**EXERCISE:** Please set out each line below exactly as it stands, without the images.

(EXTRACTED ENTRIES Opens)

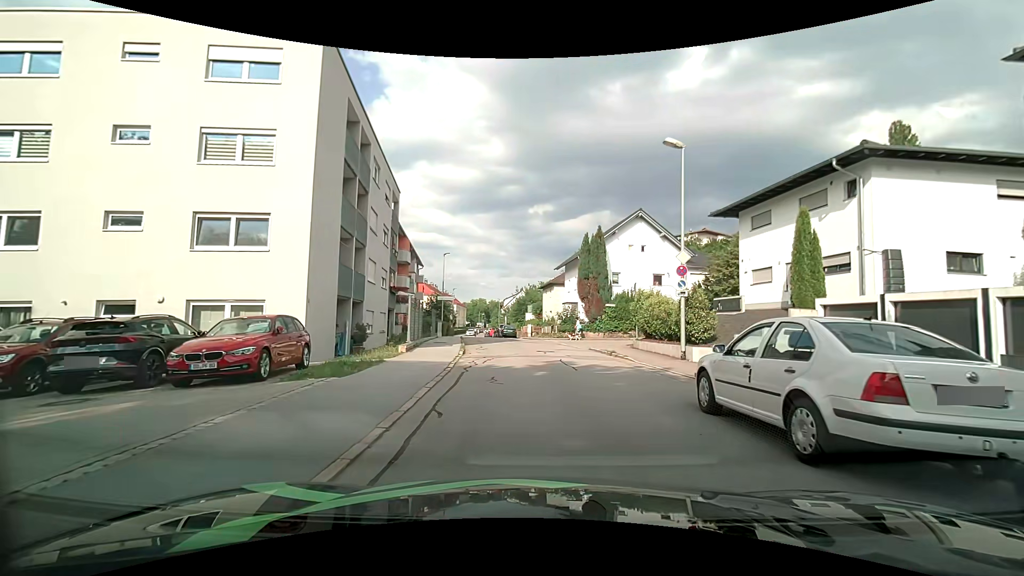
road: residential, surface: asphalt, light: Day
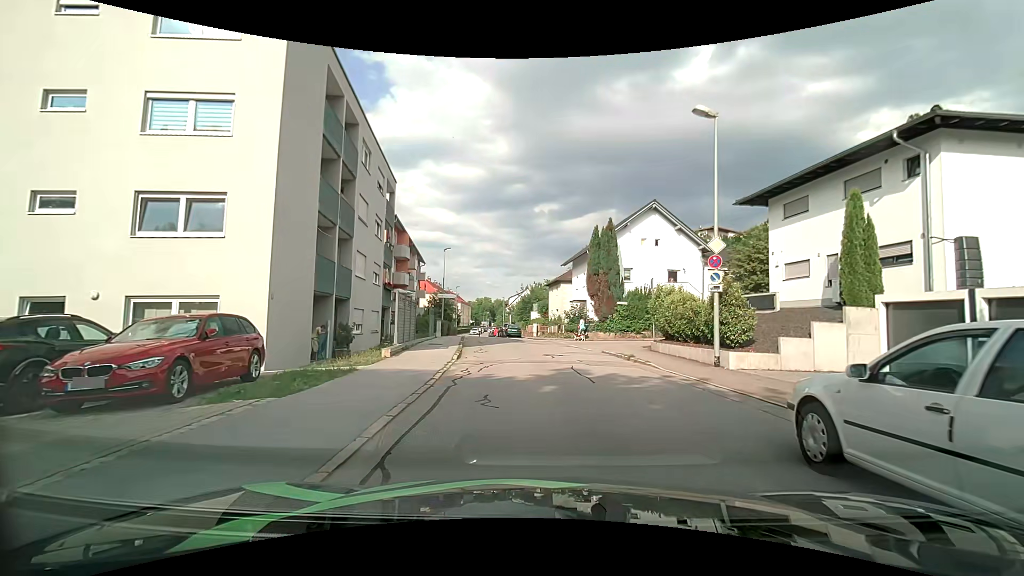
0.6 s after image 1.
(0.0, +2.8) m; -2°
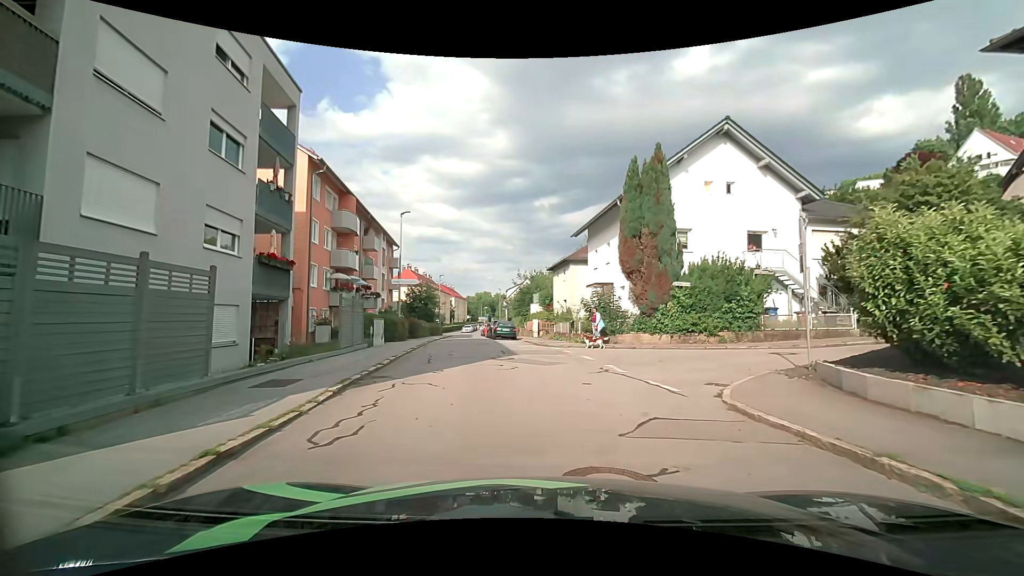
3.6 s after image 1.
(+0.1, +14.9) m; 0°
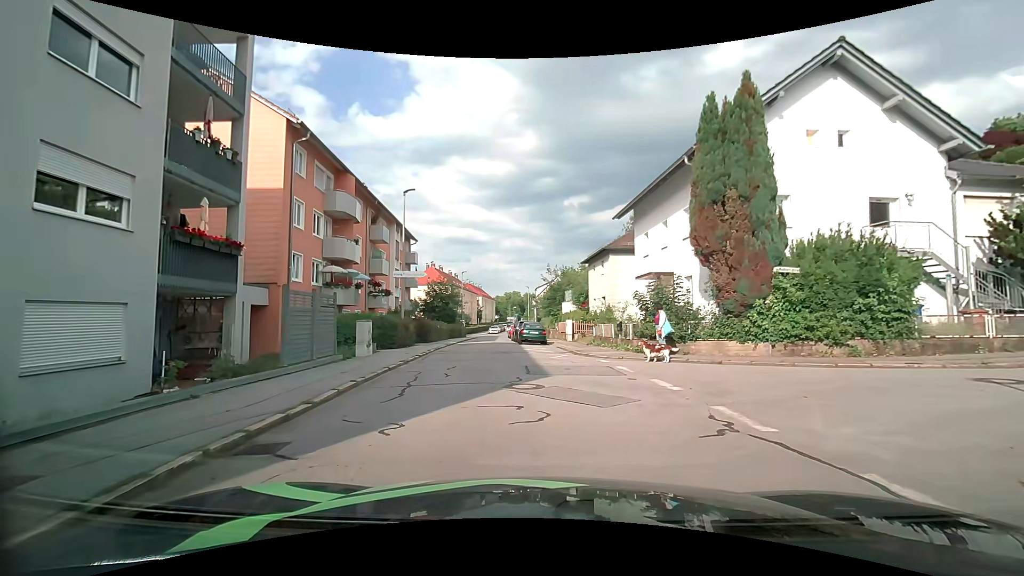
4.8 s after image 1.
(-0.1, +6.2) m; -3°
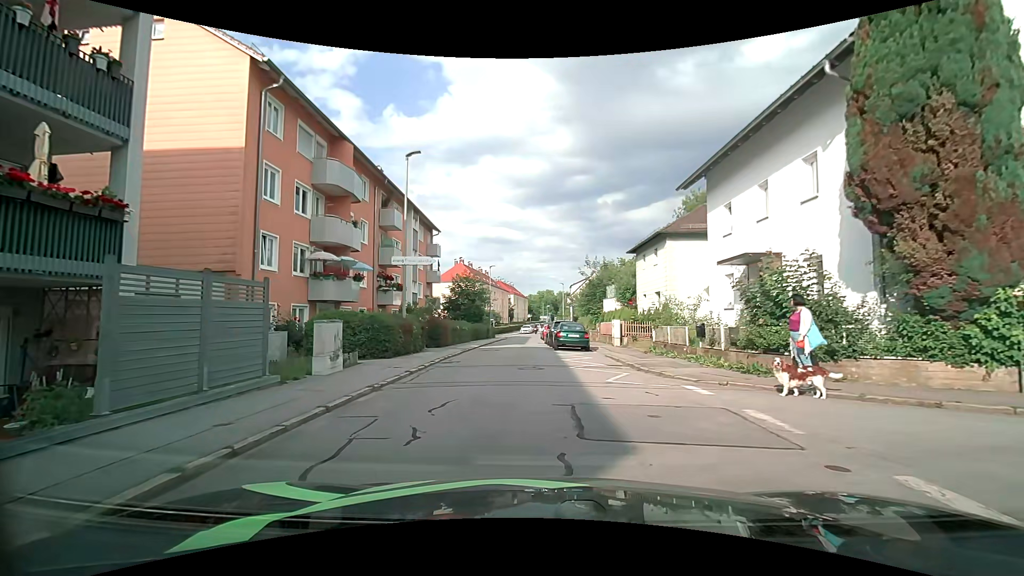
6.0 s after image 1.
(-0.2, +6.1) m; -3°
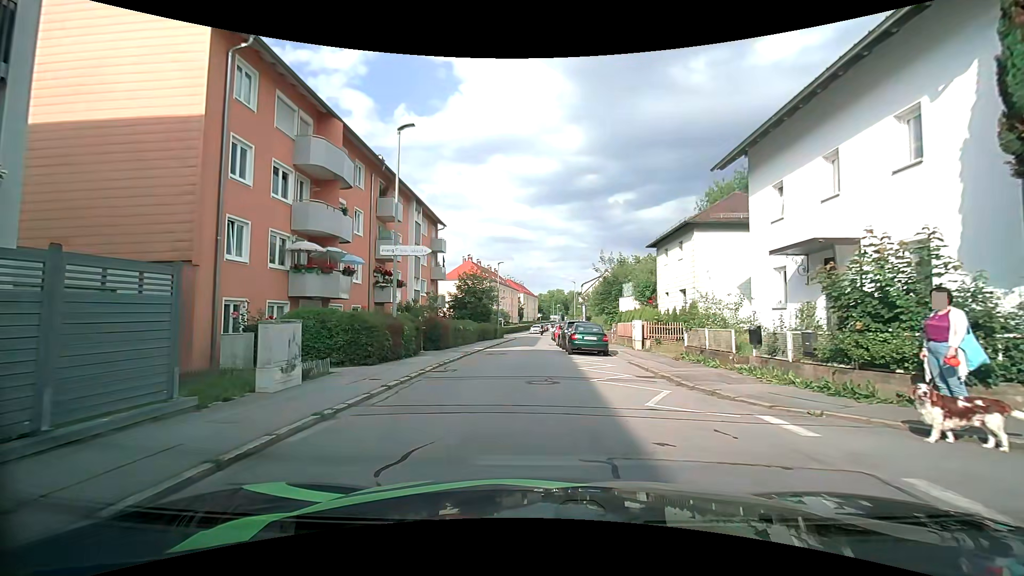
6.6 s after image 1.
(0.0, +2.8) m; -1°
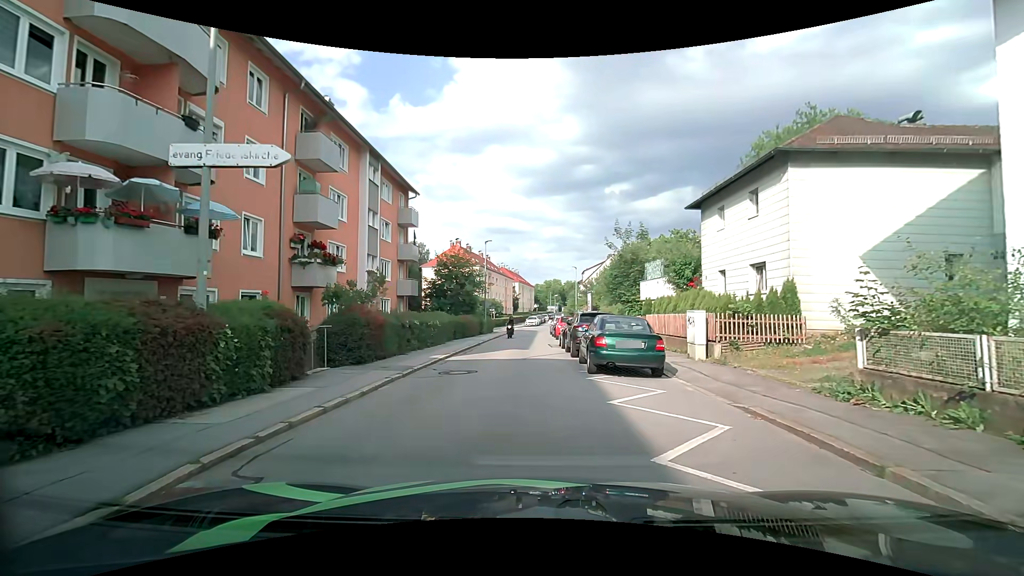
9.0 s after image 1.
(0.0, +9.6) m; +1°
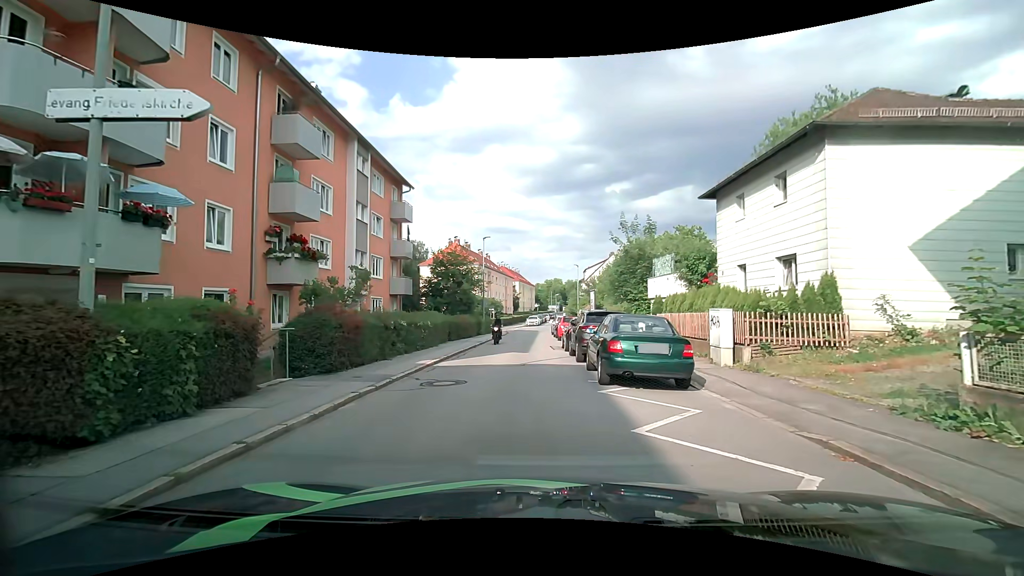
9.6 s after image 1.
(0.0, +1.9) m; 0°

(EXTRACTED ENTRIES Closes)

**REPLY:**
road: residential, surface: asphalt, light: Day
0.6 s after image 1.
(0.0, +2.8) m; -2°
3.6 s after image 1.
(+0.1, +14.9) m; 0°
4.8 s after image 1.
(-0.1, +6.2) m; -3°
6.0 s after image 1.
(-0.2, +6.1) m; -3°
6.6 s after image 1.
(0.0, +2.8) m; -1°
9.0 s after image 1.
(0.0, +9.6) m; +1°
9.6 s after image 1.
(0.0, +1.9) m; 0°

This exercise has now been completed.